**** Data section ****

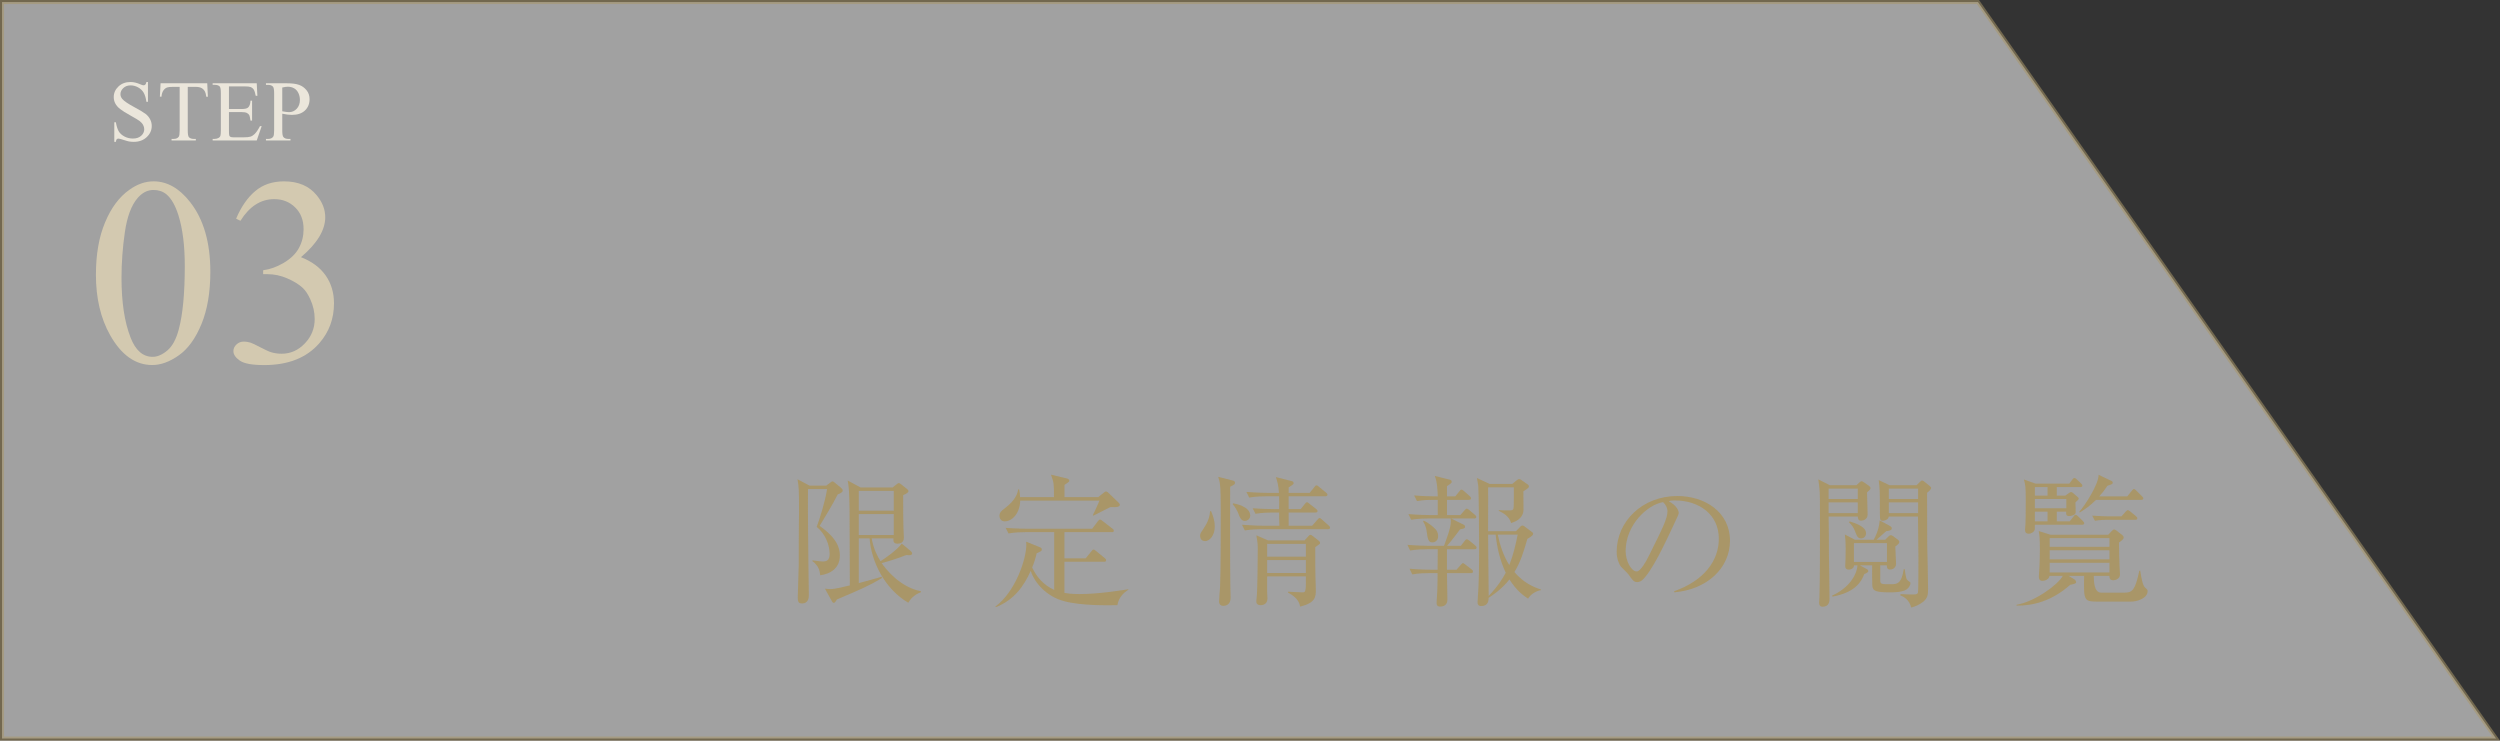 <?xml version="1.0" encoding="UTF-8"?>
<svg xmlns="http://www.w3.org/2000/svg" version="1.1" viewBox="0 0 174.239 51.615">
  <rect x="0" y="0" width="174.239" height="51.615" fill="#333333" stroke="none"/>
  <defs>
    <style>
      .cls-1 {
        fill: #a99668;
      }

      .cls-2 {
        fill: #d3c9b0;
      }

      .cls-3 {
        fill: #fff;
        opacity: .54;
        stroke: #a99668;
        stroke-miterlimit: 10;
        stroke-width: .283px;
      }
    </style>
  </defs>
  <!-- Generator: Adobe Illustrator 28.6.0, SVG Export Plug-In . SVG Version: 1.2.0 Build 709)  -->
  <g>
    <g id="_レイヤー_1" data-name="レイヤー_1">
      <g>
        <g>
          <path class="cls-2" d="M10.311,5.714v1.379h-.108c-.035-.265-.099-.475-.189-.632-.092-.157-.222-.281-.39-.373-.169-.092-.344-.138-.523-.138-.204,0-.373.062-.506.187-.134.125-.2.266-.2.425,0,.122.042.232.127.333.121.147.41.343.867.588.372.2.627.354.763.46.137.107.241.233.314.378.074.145.11.297.11.456,0,.302-.117.562-.352.781-.233.219-.535.328-.903.328-.116,0-.225-.009-.327-.027-.061-.01-.187-.045-.378-.107-.19-.062-.312-.093-.362-.093-.05,0-.088.015-.116.044-.028.03-.05.09-.063.183h-.108v-1.367h.108c.051.286.119.5.206.642.086.142.218.26.396.354.177.094.372.141.583.141.245,0,.438-.065.581-.194.142-.129.213-.283.213-.459,0-.098-.026-.197-.081-.297-.054-.1-.138-.193-.251-.279-.076-.059-.285-.184-.626-.375-.342-.191-.584-.343-.728-.457-.145-.114-.254-.239-.328-.376-.075-.137-.112-.288-.112-.453,0-.286.11-.533.33-.74.219-.207.498-.31.838-.31.211,0,.436.052.673.156.11.049.188.074.232.074.051,0,.093-.016.125-.046s.059-.091.078-.184h.108Z"/>
          <path class="cls-2" d="M14.444,5.805l.044.935h-.111c-.021-.165-.052-.282-.089-.353-.061-.114-.142-.198-.242-.251s-.233-.081-.398-.081h-.562v3.046c0,.245.026.398.079.458.074.083.189.124.344.124h.139v.109h-1.69v-.109h.141c.169,0,.288-.051.359-.153.043-.062.064-.206.064-.429v-3.046h-.479c-.187,0-.318.014-.396.042-.103.037-.189.108-.262.214-.073.106-.116.249-.13.429h-.111l.047-.935h3.255Z"/>
          <path class="cls-2" d="M15.957,6.022v1.576h.876c.228,0,.379-.034.456-.103.102-.09.158-.249.17-.477h.109v1.388h-.109c-.027-.194-.055-.319-.082-.374-.035-.068-.093-.123-.174-.162-.08-.039-.204-.059-.37-.059h-.876v1.314c0,.176.008.284.023.322.016.039.043.069.082.091s.113.034.224.034h.676c.226,0,.39-.016.491-.047.103-.031.2-.093.294-.185.122-.122.246-.305.374-.55h.117l-.344 1h-3.073v-.109h.142c.094,0,.184-.022.268-.067.062-.031.105-.079.128-.141.022-.063.034-.191.034-.385v-2.59c0-.253-.026-.409-.077-.468-.07-.078-.188-.118-.353-.118h-.142v-.108h3.073l.044.873h-.114c-.042-.21-.087-.354-.137-.432-.051-.079-.124-.138-.223-.18-.078-.029-.217-.044-.414-.044h-1.094Z"/>
          <path class="cls-2" d="M19.672,7.925v1.162c0,.251.027.407.082.467.074.086.188.129.338.129h.153v.109h-1.709v-.109h.15c.169,0,.289-.055.361-.165.039-.061.059-.205.059-.432v-2.576c0-.251-.026-.407-.079-.468-.076-.086-.19-.129-.341-.129h-.15v-.108h1.462c.356,0,.638.037.844.11.206.074.379.198.521.372.141.174.212.381.212.621,0,.325-.107.59-.322.794-.215.204-.519.306-.91.306-.096,0-.2-.007-.312-.021-.112-.014-.231-.035-.358-.062ZM19.672,7.757c.104.02.195.034.276.044.08.01.148.015.205.015.204,0,.38-.079.528-.236.147-.158.222-.362.222-.613,0-.172-.035-.333-.105-.48-.071-.148-.171-.259-.3-.333-.13-.073-.276-.11-.441-.11-.1,0-.229.019-.385.056v1.658Z"/>
        </g>
        <polygon class="cls-3" points="173.966 51.473 .142 51.473 .142 .142 137.854 .142 173.966 51.473"/>
        <g>
          <path class="cls-2" d="M6.686,19.131c0-1.406.212-2.617.637-3.632.424-1.016.988-1.772,1.691-2.269.546-.394,1.109-.591,1.691-.591.945,0,1.794.482,2.546,1.446.939,1.194,1.409,2.813,1.409,4.855,0,1.431-.206,2.646-.618,3.646-.412,1-.938,1.727-1.577,2.178-.64.452-1.257.677-1.851.677-1.177,0-2.155-.694-2.938-2.083-.661-1.17-.991-2.579-.991-4.229ZM8.468,19.359c0,1.697.209,3.083.628,4.156.345.903.86,1.355,1.546,1.355.327,0,.666-.147,1.018-.441.352-.294.619-.786.801-1.478.278-1.042.418-2.513.418-4.41,0-1.406-.146-2.58-.437-3.519-.218-.697-.5-1.191-.846-1.482-.248-.2-.549-.3-.9-.3-.412,0-.778.185-1.1.555-.437.503-.733,1.294-.892,2.373-.157,1.079-.236,2.143-.236,3.192Z"/>
          <path class="cls-2" d="M16.457,15.24c.352-.831.796-1.472,1.333-1.923.536-.452,1.204-.677,2.005-.677.988,0,1.746.321,2.273.964.399.479.6.991.6,1.537,0,.897-.563,1.825-1.691,2.783.758.297,1.331.721,1.719,1.273s.582,1.2.582,1.946c0,1.067-.34,1.992-1.019,2.773-.885,1.019-2.167,1.528-3.847,1.528-.83,0-1.396-.103-1.695-.309s-.45-.428-.45-.664c0-.176.071-.33.214-.464.142-.133.313-.2.514-.2.151,0,.306.024.464.073.103.03.336.141.7.332.363.191.615.304.755.341.224.067.463.1.718.1.618,0,1.156-.24,1.614-.718.458-.479.687-1.046.687-1.701,0-.479-.106-.946-.318-1.4-.157-.339-.33-.597-.519-.773-.261-.242-.618-.462-1.072-.659-.455-.197-.919-.295-1.392-.295h-.291v-.273c.479-.061.959-.233,1.441-.519.481-.285.832-.627,1.05-1.027.219-.4.327-.839.327-1.318,0-.625-.195-1.129-.586-1.514s-.878-.578-1.46-.578c-.939,0-1.725.503-2.354,1.51l-.301-.146Z"/>
        </g>
        <g>
          <path class="cls-1" d="M58.385,34.461c-.317.635-.992,1.766-1.26,2.192,1.26.893,1.408,1.577,1.408,2.083,0,.833-.615,1.259-1.369,1.359-.039-.298-.069-.625-.545-.992l.01-.049c.387.049.585.079.714.079.258,0,.477-.069.477-.525,0-.565-.248-1.359-.902-1.885.228-.605.604-1.815.724-2.638h-1.329c-.02,1.547.03,5.048.03,5.276.01.466.029,1.974.029,2.113s0,.585-.486.585c-.248,0-.287-.149-.287-.427,0-.248.069-1.974.069-2.291,0-.397,0-2.45.01-2.847,0-.238.01-.486.01-.724,0-1.656-.01-1.825-.108-2.37l.843.446h1.16l.268-.199c.069-.049.129-.099.159-.099.06,0,.109.04.168.089l.446.367c.05.04.109.119.109.178,0,.119-.119.188-.347.278ZM63.304,42.009c-1.637-.962-2.578-2.847-2.697-4.483h-.754v3.114c.258-.069,1.368-.367,1.587-.446l.039.089c-.962.575-1.547.813-3.153,1.498-.069.129-.139.238-.219.238-.06,0-.099-.06-.129-.119l-.485-.873c.148.02.237.03.377.03.327,0,.912-.149,1.358-.258,0-1.021-.01-4.592-.02-5.356-.021-1.23-.05-1.518-.129-1.954l.902.486h2.231l.248-.198c.079-.06.139-.109.179-.109.05,0,.099.03.168.089l.377.297c.09.07.129.109.129.179,0,.099-.129.168-.366.278,0,1.19,0,1.636.02,2.261,0,.119.029.615.029.714,0,.367-.307.407-.456.407-.308,0-.277-.238-.268-.367h-1.518c.129.744.406,1.259.615,1.587.188-.119,1.11-.724,1.478-1.23l.615.516c.06.05.108.099.108.179,0,.089-.118.119-.178.119-.04,0-.14-.01-.238-.01-.605.238-1.22.437-1.706.556.268.407,1.279,1.686,2.737,1.964v.069c-.525.188-.754.525-.883.734ZM62.292,34.213h-2.439v1.379h2.439v-1.379ZM62.292,35.83h-2.439v1.458h2.439v-1.458Z"/>
          <path class="cls-1" d="M78.642,41.097c-.297.198-.674.516-.764,1.081-.674.01-2.529.05-3.749-.288-1.2-.327-2.033-1.279-2.291-2.103-.496,1.101-1.16,2.013-2.42,2.529l-.05-.04c1.408-1.031,2.162-3.312,2.162-4.304,0-.08,0-.129-.01-.218l.981.396c.05.02.109.07.109.139,0,.109-.029.129-.356.268-.08.347-.169.645-.317.992.307.655.773,1.21,1.537,1.567v-4.027h-2.014c-.268,0-.733.01-1.17.089l-.198-.387c.812.059,1.408.059,1.527.059h4.503l.396-.525c.06-.069.099-.119.148-.119s.119.06.198.119l.665.516c.06.04.099.08.099.149,0,.099-.089.099-.148.099h-3.293v1.825h1.478l.397-.486c.069-.089.099-.129.148-.129.06,0,.129.06.188.109l.595.486c.05.04.1.089.1.148,0,.109-.09.109-.149.109h-2.757v2.172c.169.03.466.08,1.052.08,1.349,0,2.896-.258,3.411-.337l-.01.03ZM77.661,35.344h-.278c-.188.089-1.012.516-1.18.595l-.04-.03c.05-.08.417-.883.467-1.021h-5.525c-.029.942-.595,1.448-1.081,1.448-.258,0-.366-.208-.366-.387,0-.238.148-.357.337-.496.833-.625.923-1.101.972-1.349h.06c.04.198.06.327.069.545h2.361c0-.952,0-.972-.209-1.567l1.121.268c.079.02.158.08.158.139,0,.089-.039.109-.337.307v.853h2.351l.406-.327c.04-.03.09-.069.14-.069.039,0,.099.029.139.069l.733.704c.05.04.09.109.09.149,0,.168-.268.168-.387.168Z"/>
          <path class="cls-1" d="M83.982,37.715c-.149,0-.338-.099-.338-.367,0-.149.021-.179.199-.446.237-.367.446-.685.495-1.279h.069c.14.317.259.694.259,1.061,0,.635-.357,1.032-.685,1.032ZM85.737,33.926c-.01.328-.01,5.495.011,6.883,0,.129.02.724.02.853,0,.516-.367.565-.516.565-.09,0-.288-.04-.288-.317,0-.159.06-.863.069-1.012.05-1.18.05-3.967.05-5.217,0-1.885-.05-2.053-.179-2.45l1.002.258c.089.02.169.059.169.158,0,.08,0,.109-.338.278ZM86.758,36.306c-.247,0-.347-.238-.436-.476-.1-.258-.229-.486-.407-.684l.021-.069c.148.02,1.199.218,1.199.853,0,.288-.268.377-.377.377ZM92.551,36.881h-4.622c-.258,0-.724.01-1.171.089l-.198-.396c.635.049,1.25.069,1.527.069h1.081c-.02-.238-.02-.665-.02-.922h-.476c-.248,0-.725.01-1.171.089l-.198-.387c.675.05,1.379.06,1.527.06h.317c.01-.297.01-.595,0-.893h-.912c-.248,0-.725.01-1.171.089l-.198-.397c.675.06,1.379.07,1.527.07h.744c-.04-.575-.119-.813-.218-1.101l1.101.278c.119.03.139.089.139.148,0,.07-.04.1-.347.298v.377h1.468l.317-.397c.069-.079.099-.129.158-.129.05,0,.1.04.179.109l.486.396c.039.04.099.089.099.149,0,.089-.089.109-.148.109h-2.559v.893h.843l.277-.347c.06-.079.1-.129.159-.129.05,0,.099.04.179.109l.456.357c.05.04.099.069.099.149,0,.089-.079.099-.148.099h-1.864v.922h1.636l.357-.407c.06-.069.109-.129.158-.129.05,0,.09.03.179.109l.456.407c.07.06.1.089.1.159,0,.089-.079.099-.148.099ZM91.976,37.913c-.03.03-.209.149-.308.218,0,.694,0,1.746.01,1.954,0,.159.029.863.029,1.012,0,.486,0,.913-1.091,1.18-.05-.218-.129-.595-.843-.972v-.069c.158.01.853.049,1.002.049.198,0,.258,0,.238-1.111h-2.698v1.062c0,.069.02.417.02.486,0,.327-.237.456-.466.456-.179,0-.308-.069-.308-.258,0-.04,0-.119.02-.228.06-.437.08-2.896.08-3.531,0-.288-.06-.655-.1-.853l.823.357h2.539l.258-.288c.05-.05.09-.099.148-.099.06,0,.109.04.188.099l.377.297c.09.07.109.119.109.149,0,.04,0,.06-.029.089ZM91.014,37.903h-2.698v.893h2.698v-.893ZM91.014,39.034h-2.698v.903h2.698v-.903Z"/>
          <path class="cls-1" d="M102.761,38.28h-1.914v1.428h.664l.298-.337c.1-.109.109-.119.148-.119.05,0,.08.02.179.099l.437.337c.04.03.089.079.089.149,0,.089-.079.109-.148.109h-1.666c0,.288.029,1.587.029,1.854,0,.317-.198.476-.496.476-.178,0-.258-.06-.258-.277,0-.129.05-.714.05-.833.02-.595.02-.952.02-1.22h-.595c-.248,0-.724,0-1.17.089l-.188-.397c.674.06,1.378.069,1.518.069h.436c.011-1.011.011-1.13.011-1.428h-.754c-.248,0-.725.01-1.171.089l-.188-.396c.675.06,1.379.069,1.518.069h1.032c.168-.456.476-1.26.476-1.686,0-.05,0-.089-.01-.218h-1.587c-.09,0-.704,0-1.171.089l-.188-.397c.655.06,1.34.069,1.518.069h.526v-1.061h-.278c-.248,0-.724,0-1.17.089l-.198-.397c.595.05,1.22.069,1.646.069-.011-.248-.021-1.001-.209-1.428l1.071.268c.069.02.109.079.109.139,0,.069-.04.109-.119.159-.089.06-.148.099-.208.149v.714h.575l.277-.347c.079-.1.109-.129.159-.129.06,0,.129.069.179.109l.396.347c.05.049.089.089.089.149,0,.089-.079.109-.148.109h-1.527v1.061h.932l.288-.327c.06-.069.109-.119.148-.119.06,0,.129.05.188.099l.387.328c.05.04.1.089.1.149,0,.099-.079.109-.148.109h-1.607l.883.437c.04.02.09.069.09.129,0,.129-.1.148-.348.188-.069.099-.595.803-.912,1.15h.962l.268-.337c.06-.079.1-.119.148-.119.05,0,.1.03.188.099l.407.337c.06.05.089.099.089.149,0,.099-.079.109-.148.109ZM99.835,37.804c-.288,0-.327-.218-.407-.793-.01-.099-.059-.376-.247-.684l.039-.04c.396.168.704.476.784.555.089.08.228.238.228.526,0,.347-.268.436-.396.436ZM106.5,41.722c-.288-.188-.794-.536-1.3-1.339-.516.684-1.309,1.2-1.447,1.279-.011.198-.021.575-.517.575-.208,0-.258-.119-.258-.268,0-.02.021-.308.021-.337.069-.863.089-2.023.089-3.432,0-.902-.02-3.868-.06-4.334-.02-.198-.069-.396-.099-.555l.893.417h1.576l.288-.238c.089-.07.129-.1.188-.1.05,0,.089.01.139.05l.467.327c.039.03.079.069.079.129,0,.089-.04.119-.387.347,0,.199.01,1.141.01,1.28-.02.645-.596.843-.863.932-.139-.496-.565-.704-.862-.853v-.05c.218.02.437.02.664.02.238,0,.317,0,.357-.119.029-.069.029-.625.029-.753v-.734h-1.795c.01.328.01.714,0,3.055h1.944l.327-.337c.029-.03.079-.06.129-.06.039,0,.069.02.119.05l.545.407c.04.03.079.069.079.119,0,.129-.268.278-.406.357-.229.803-.466,1.606-.902,2.311.645.754,1.309,1.042,1.854,1.22v.04c-.377.069-.714.288-.902.595ZM104.239,37.258h-.525c.01.387.04,3.978.04,4.275.635-.665.991-1.23,1.189-1.617-.396-.853-.604-1.716-.704-2.658ZM104.388,37.258c.148.734.406,1.508.803,2.123.298-.754.446-1.438.585-2.123h-1.388Z"/>
          <path class="cls-1" d="M116.691,41.285l-.011-.079c2.123-.754,3.114-2.152,3.114-3.66,0-1.676-1.349-2.668-3.074-2.668-.248,0-.298.01-.406.06.535.288.684.655.684.793,0,.109-.029.179-.337.823-.635,1.359-1.567,3.353-2.241,3.908-.069.05-.188.109-.317.109-.229,0-.317-.129-.615-.546-.069-.099-.466-.466-.535-.555-.109-.159-.278-.516-.278-1.012,0-2.132,1.806-3.888,4.226-3.888,1.924,0,3.67,1.121,3.67,3.114,0,1.924-1.607,3.402-3.878,3.6ZM115.907,34.997c-1.091.179-2.608,1.587-2.608,3.412,0,.675.387,1.418.773,1.418.269,0,.655-.704.823-1.042.992-1.993,1.319-2.638,1.319-3.154,0-.248-.119-.456-.308-.635Z"/>
          <path class="cls-1" d="M130.124,34.313c0,.238.04,1.319.04,1.538,0,.347-.288.437-.446.437-.09,0-.229,0-.238-.288h-2.033c.02.803.02,2.003.02,2.539.011.882.04,2.301.04,3.193,0,.139,0,.556-.486.556-.237,0-.237-.228-.237-.288s.02-.317.02-.367c.04-1.24.04-3.432.04-4.761,0-2.013,0-2.47-.04-2.847-.01-.148-.029-.268-.079-.615l.803.407h1.855l.208-.188c.069-.06.109-.089.158-.089.04,0,.09.03.179.089l.327.228c.08.06.109.099.109.159s-.029.129-.238.297ZM129.479,34.055h-2.033v.724h2.033v-.724ZM129.479,35.017h-2.033v.744h2.033v-.744ZM132.901,41.067c-.298.218-.952.218-1.121.218-.991,0-1.27-.069-1.289-.476-.02-.308-.01-.873-.01-1.408h-.854l.457.248c.099.049.129.099.129.159,0,.059-.1.139-.278.198-.228.605-.704,1.299-2.222,1.577l-.029-.069c1.15-.525,1.716-1.388,1.775-2.112h-.238c-.01.208-.218.297-.347.297-.269,0-.269-.178-.269-.258,0-.089.021-.397.021-.486,0-.089.01-.605.01-.724,0-.476-.02-.674-.06-.982l.704.367h1.31c.337-.635.387-1.032.416-1.349l.694.377c.109.06.149.109.149.178,0,.109-.1.169-.388.199-.139.129-.446.396-.674.595h.604l.229-.229c.06-.06.109-.089.158-.089.05,0,.1.02.179.079l.308.228c.079.06.109.099.109.168,0,.08-.04.139-.278.317,0,.188.05,1.022.05,1.21,0,.297-.268.396-.406.396-.179,0-.229-.079-.238-.297h-.456v1.042c0,.277.079.277.714.277.437,0,.764,0,.923-1.051h.069c.089.635.099.704.258.823.119.08.139.089.139.168,0,.109-.109.308-.248.407ZM129.717,37.526c-.248,0-.298-.159-.456-.565-.06-.149-.179-.367-.397-.556l.05-.069c.496.159,1.141.387,1.141.833,0,.199-.148.357-.337.357ZM131.512,37.854h-2.301v1.309h2.301v-1.309ZM134.309,34.342c0,.605,0,2.301.01,3.571.011.496.06,2.688.06,3.164,0,.436-.06.635-.366.882-.248.188-.517.308-.813.387-.119-.546-.536-.774-.764-.853l.029-.089c.387.02.546.03.754.03.298,0,.406,0,.456-.139.03-.069.03-1.894.03-2.469,0-.446-.03-2.678-.03-2.827h-2.033c-.039.277-.406.297-.416.297-.209,0-.209-.08-.209-.744,0-1.299,0-1.448-.079-2.092l.754.357h1.885l.218-.218c.069-.069.119-.109.169-.109s.099.029.168.089l.357.288c.069.05.1.099.1.139,0,.079-.08.178-.278.337ZM133.684,34.055h-2.043v.724h2.043v-.724ZM133.684,35.017h-2.043v.744h2.043v-.744Z"/>
          <path class="cls-1" d="M145.928,40.135q-.01,1.17.506,1.17h1.626c.585,0,.754-.208,1.042-1.527l.06-.01c.089.545.178,1.042.337,1.18.148.129.179.149.179.258,0,.496-.734.724-1.141.724h-2.231c-1.081,0-1.081-.02-1.052-1.795h-1.081l.396.238c.069.04.129.129.129.199,0,.099-.119.129-.416.188-1.26,1.13-2.608,1.468-3.739,1.448v-.06c1.279-.208,2.916-1.418,3.224-2.013h-.923c-.029.218-.287.347-.486.347-.069,0-.258,0-.258-.278,0-.03,0-.109.011-.238.049-.645.059-1.349.059-1.617,0-.913-.039-1.131-.079-1.339l.823.258h4.017l.259-.268c.029-.03.099-.099.148-.099.06,0,.119.04.179.08l.406.317c.04.029.089.099.089.158,0,.1-.059.159-.327.357,0,.525.021,1.229.04,1.696,0,.089.029.457.029.526,0,.307-.317.407-.466.407-.179,0-.277-.08-.268-.308h-1.091ZM144.222,33.708l.198-.268c.05-.069.099-.129.158-.129s.179.109.199.129l.268.258c.05.04.089.109.089.149,0,.089-.079.099-.148.099h-1.637v.595h.595l.238-.169c.05-.04.119-.079.159-.079.06,0,.099.03.168.089l.278.238c.029.03.089.069.089.119,0,.069-.06.129-.228.278,0,.04.02.615.02.684.01.198-.338.268-.456.268-.198,0-.229-.109-.209-.308h-.654v.674h.902l.258-.327c.05-.069.1-.129.149-.129.069,0,.108.04.188.119l.317.307c.079.08.099.129.099.159,0,.089-.079.109-.158.109h-3.283c0,.307,0,.337-.03.396-.039.099-.218.228-.396.228-.258,0-.258-.198-.258-.268s.03-.367.03-.427c.01-.148.02-.882.02-1.567,0-1.001-.02-1.101-.129-1.518l.813.288h2.351ZM141.822,33.946v.595h.883v-.595h-.883ZM141.822,34.779v.645h2.192v-.645h-2.192ZM141.822,35.662v.674h.883v-.674h-.883ZM142.853,37.506v.605h4.166v-.605h-4.166ZM142.853,38.35v.635h4.166v-.635h-4.166ZM147.019,39.897v-.674h-4.166v.674h4.166ZM148.258,34.6l.308-.387c.069-.079.109-.129.159-.129.06,0,.108.05.179.119l.387.387c.06.06.089.099.089.149,0,.089-.089.099-.148.099h-3.145c-.446.446-.862.714-1.141.883l-.029-.05c.387-.437,1.339-1.884,1.349-2.579l.893.426c.06.03.089.06.089.129,0,.089-.069.109-.366.208-.209.308-.357.506-.575.744h1.953ZM147.852,35.989l.287-.317c.06-.06.109-.119.149-.119.06,0,.119.04.188.1l.387.317c.05.04.099.099.099.148,0,.099-.079.109-.148.109h-1.964c-.168,0-.506.01-.843.069l-.188-.357c.556.04,1.131.049,1.19.049h.843Z"/>
        </g>
      </g>
    </g>
  </g>
</svg>

****

▶ _Your assignment_
Every line in the data above that contains the word "fill" counts; report how many there are and nothing more.

▶ _Reply_
4